1. maggier

    maggier Registered User

    Jan 9, 2006
    Hi everyone,
    I have not posted for a while, been busy as working full time, trying to look after mum and keep her in her own home and also have a little granddaughter which I would like to spend more time with....................aaaaagh being pulled in all directions.
    Anyway, I was just wondering if other people have come across this problem and how they cope with it. Mum keeps throwing things away. Her clothes, food from the cupboards and fridge, bread, etc. We think she has thrown money away in the past and we are now (on the advice of the CPN) keeping some money back from her when we get her pension etc. It is driving us absolutely mad. Every day we go round and the first thing we do is check her dustbin and you would be amazed at what she throws away.

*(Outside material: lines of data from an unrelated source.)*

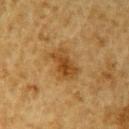{
  "biopsy_status": "not biopsied; imaged during a skin examination",
  "automated_metrics": {
    "area_mm2_approx": 8.5,
    "eccentricity": 0.8,
    "shape_asymmetry": 0.3,
    "vs_skin_darker_L": 9.0,
    "vs_skin_contrast_norm": 7.5,
    "border_irregularity_0_10": 3.5,
    "color_variation_0_10": 4.0
  },
  "lighting": "cross-polarized",
  "patient": {
    "sex": "male",
    "age_approx": "85+"
  },
  "site": "right upper arm",
  "image": {
    "source": "total-body photography crop",
    "field_of_view_mm": 15
  }
}
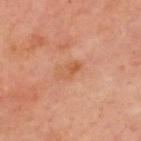Notes:
• follow-up: no biopsy performed (imaged during a skin exam)
• image source: total-body-photography crop, ~15 mm field of view
• location: the upper back
• patient: male, aged 48–52
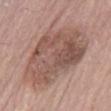Recorded during total-body skin imaging; not selected for excision or biopsy. From the abdomen. A 15 mm close-up extracted from a 3D total-body photography capture. A male subject aged around 70.
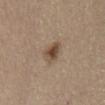Clinical impression:
Recorded during total-body skin imaging; not selected for excision or biopsy.
Acquisition and patient details:
The recorded lesion diameter is about 2.5 mm. The lesion is located on the front of the torso. A female patient, approximately 65 years of age. A roughly 15 mm field-of-view crop from a total-body skin photograph. The tile uses white-light illumination.
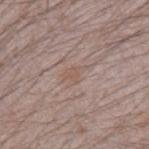notes: total-body-photography surveillance lesion; no biopsy | diameter: ~2.5 mm (longest diameter) | subject: male, about 25 years old | illumination: white-light illumination | acquisition: ~15 mm crop, total-body skin-cancer survey | anatomic site: the arm.
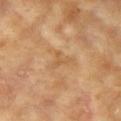biopsy_status: not biopsied; imaged during a skin examination
patient:
  sex: female
  age_approx: 75
lesion_size:
  long_diameter_mm_approx: 2.5
image:
  source: total-body photography crop
  field_of_view_mm: 15
automated_metrics:
  area_mm2_approx: 3.0
  eccentricity: 0.55
site: left upper arm
lighting: cross-polarized
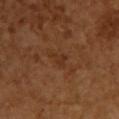Imaged during a routine full-body skin examination; the lesion was not biopsied and no histopathology is available.
The total-body-photography lesion software estimated a symmetry-axis asymmetry near 0.4. The analysis additionally found a lesion color around L≈32 a*≈22 b*≈31 in CIELAB, a lesion–skin lightness drop of about 5, and a normalized lesion–skin contrast near 5. It also reported a border-irregularity index near 4.5/10, internal color variation of about 0.5 on a 0–10 scale, and a peripheral color-asymmetry measure near 0.
From the chest.
A female patient in their mid-50s.
Cropped from a whole-body photographic skin survey; the tile spans about 15 mm.
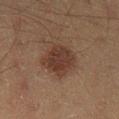Impression: Captured during whole-body skin photography for melanoma surveillance; the lesion was not biopsied. Context: The lesion-visualizer software estimated an area of roughly 14 mm², an outline eccentricity of about 0.6 (0 = round, 1 = elongated), and a symmetry-axis asymmetry near 0.2. And it measured border irregularity of about 2 on a 0–10 scale, a color-variation rating of about 3/10, and radial color variation of about 1. The lesion is on the left lower leg. A male subject, aged 43–47. Cropped from a total-body skin-imaging series; the visible field is about 15 mm. Approximately 4.5 mm at its widest.
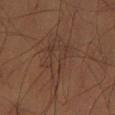This lesion was catalogued during total-body skin photography and was not selected for biopsy. A lesion tile, about 15 mm wide, cut from a 3D total-body photograph. The lesion is located on the left thigh. Captured under cross-polarized illumination. A male subject, aged 58–62.
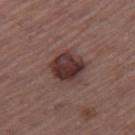Assessment: Part of a total-body skin-imaging series; this lesion was reviewed on a skin check and was not flagged for biopsy. Acquisition and patient details: The lesion-visualizer software estimated an area of roughly 12 mm², an eccentricity of roughly 0.45, and a shape-asymmetry score of about 0.2 (0 = symmetric). Measured at roughly 4 mm in maximum diameter. The subject is a male aged approximately 65. On the right thigh. The tile uses white-light illumination. A 15 mm close-up tile from a total-body photography series done for melanoma screening.
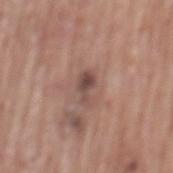  biopsy_status: not biopsied; imaged during a skin examination
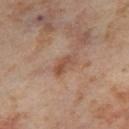{"biopsy_status": "not biopsied; imaged during a skin examination", "patient": {"sex": "female", "age_approx": 55}, "image": {"source": "total-body photography crop", "field_of_view_mm": 15}, "lesion_size": {"long_diameter_mm_approx": 3.5}, "site": "right thigh", "lighting": "cross-polarized", "automated_metrics": {"vs_skin_darker_L": 8.0, "vs_skin_contrast_norm": 6.5, "nevus_likeness_0_100": 0, "lesion_detection_confidence_0_100": 100}}
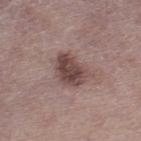Findings:
* workup: no biopsy performed (imaged during a skin exam)
* subject: male, aged 73–77
* lesion size: ~4.5 mm (longest diameter)
* location: the right lower leg
* image: total-body-photography crop, ~15 mm field of view
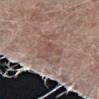Clinical impression: Recorded during total-body skin imaging; not selected for excision or biopsy. Acquisition and patient details: A male subject roughly 80 years of age. This is a white-light tile. A 15 mm close-up tile from a total-body photography series done for melanoma screening. The total-body-photography lesion software estimated an area of roughly 10 mm² and a symmetry-axis asymmetry near 0.55. It also reported a mean CIELAB color near L≈51 a*≈17 b*≈22. It also reported border irregularity of about 9 on a 0–10 scale, a color-variation rating of about 2.5/10, and a peripheral color-asymmetry measure near 0.5. The analysis additionally found an automated nevus-likeness rating near 0 out of 100 and a lesion-detection confidence of about 80/100. The lesion is located on the left forearm.
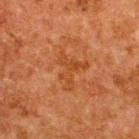No biopsy was performed on this lesion — it was imaged during a full skin examination and was not determined to be concerning. The recorded lesion diameter is about 4.5 mm. This image is a 15 mm lesion crop taken from a total-body photograph. The tile uses cross-polarized illumination. Automated tile analysis of the lesion measured an average lesion color of about L≈36 a*≈23 b*≈34 (CIELAB). And it measured a classifier nevus-likeness of about 0/100 and a lesion-detection confidence of about 100/100. The lesion is located on the upper back. A male patient approximately 60 years of age.
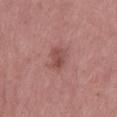workup: no biopsy performed (imaged during a skin exam)
subject: female, roughly 65 years of age
site: the left thigh
tile lighting: white-light
TBP lesion metrics: a shape eccentricity near 0.85 and a symmetry-axis asymmetry near 0.2; a lesion color around L≈49 a*≈24 b*≈24 in CIELAB, a lesion–skin lightness drop of about 9, and a lesion-to-skin contrast of about 6.5 (normalized; higher = more distinct); a border-irregularity rating of about 2.5/10, internal color variation of about 3.5 on a 0–10 scale, and radial color variation of about 1.5
image source: total-body-photography crop, ~15 mm field of view
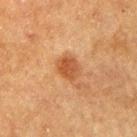Findings:
* notes — no biopsy performed (imaged during a skin exam)
* lesion size — ≈3 mm
* lighting — cross-polarized
* subject — male, in their mid-70s
* image — total-body-photography crop, ~15 mm field of view
* body site — the right upper arm
* automated lesion analysis — a footprint of about 5.5 mm², a shape eccentricity near 0.65, and a shape-asymmetry score of about 0.2 (0 = symmetric); a mean CIELAB color near L≈43 a*≈22 b*≈34, a lesion–skin lightness drop of about 9, and a normalized lesion–skin contrast near 7.5; a border-irregularity index near 2/10 and a color-variation rating of about 3/10; a nevus-likeness score of about 95/100
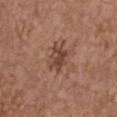The lesion was photographed on a routine skin check and not biopsied; there is no pathology result.
A lesion tile, about 15 mm wide, cut from a 3D total-body photograph.
A female patient, aged 63–67.
From the chest.
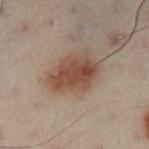<record>
<biopsy_status>not biopsied; imaged during a skin examination</biopsy_status>
<automated_metrics>
  <area_mm2_approx>11.0</area_mm2_approx>
  <eccentricity>0.85</eccentricity>
  <vs_skin_darker_L>10.0</vs_skin_darker_L>
  <vs_skin_contrast_norm>9.5</vs_skin_contrast_norm>
  <nevus_likeness_0_100>100</nevus_likeness_0_100>
  <lesion_detection_confidence_0_100>100</lesion_detection_confidence_0_100>
</automated_metrics>
<patient>
  <sex>male</sex>
  <age_approx>50</age_approx>
</patient>
<lighting>cross-polarized</lighting>
<site>left lower leg</site>
<image>
  <source>total-body photography crop</source>
  <field_of_view_mm>15</field_of_view_mm>
</image>
<lesion_size>
  <long_diameter_mm_approx>5.0</long_diameter_mm_approx>
</lesion_size>
</record>
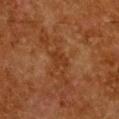The lesion was photographed on a routine skin check and not biopsied; there is no pathology result. Captured under cross-polarized illumination. A female patient, in their 50s. A 15 mm crop from a total-body photograph taken for skin-cancer surveillance. Longest diameter approximately 2.5 mm. Located on the chest. The lesion-visualizer software estimated an outline eccentricity of about 0.7 (0 = round, 1 = elongated). It also reported border irregularity of about 3 on a 0–10 scale, a color-variation rating of about 1/10, and a peripheral color-asymmetry measure near 0.5. And it measured a detector confidence of about 100 out of 100 that the crop contains a lesion.

    I have already confiscated all her photographs apart from ones that are framed, as one day I went round and she had scattered them all over and torn most of them up saying they were not hers and when I tried to explain that they were pictures of her (once) treasured grandchildren, she said, " well they are no good to me now are they what do I need to keep them for?". She has recently had a birthday and whilst we struggle as to what to buy her, she had been given some really nice clothes and a dressing gown and slippers etc. We had a little tea party for her and she seemed to enjoy it very much. The very next day all the clothes she had been bought were in the bin and she said they weren't hers and that we must have got them from a second hand shop and she wasn't having them from there!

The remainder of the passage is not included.